By the time of the 2013 Detroit bankruptcy, water rates had been rising by an average of eight percent yearly for over a decade. However, the system, which serves four million customers in Southeast Michigan, bringing in revenues of a billion dollars each month, was seen by Wall Street as the city’s most prized asset—its “crown jewel.”

By March 2014, 1,500 to 3,000 customers were being cut off of water every week to make DWSD more attractive for a takeover by private investors. “It’s interesting that at the same time the mass shutoffs were announced in Detroit, Emergency Manager Kevyn Orr issued an RFP [request for proposal] to find a private buyer for Detroit’s water system,” Grant told the WSWS. “The clearing away of the city’s so-called bad debt was critical to getting regional officials to come back to the table with the proposed regional authority and found the Great Lakes Water Authority.”

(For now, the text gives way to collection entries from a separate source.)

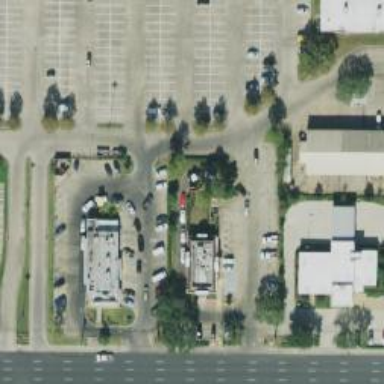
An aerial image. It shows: Parking space is available.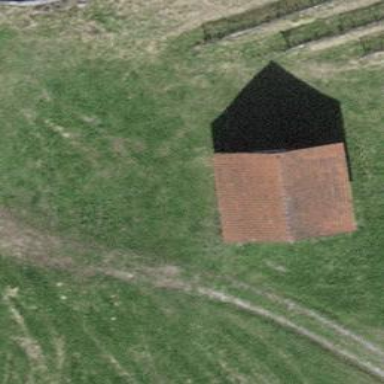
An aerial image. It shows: Shed building.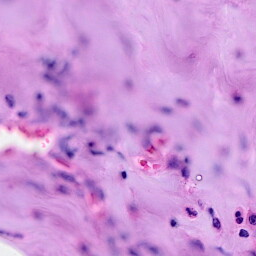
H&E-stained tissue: Breast

The official narrative is that Flint severed its half-century ties with DWSD as a cost-saving measure due to Detroit’s high water rates. But in fact, DWSD offered to sharply reduce rates in order to keep its largest outside customer.

It is likely the decision—instigated by Snyder’s former state treasurer, Andy Dillon, a Democrat, was done for political, not immediate financial, reasons. For one thing, the move withdrew DWSD’s largest outside customer, worsened the financial situation facing Detroit, giving the Snyder administration more ammunition to thrown the city into bankruptcy.

Moreover, the building of a new pipe system to Lake Huron, running virtually parallel with DWSD’s pipeline, would provide Flint with a new source of income to pay off bondholders, as well as politically connected contractors. The new Karegnondi Water Authority (KWA) also promised to provide cheaper, untreated lake water to industrial customers like DTE Energy and General Motors.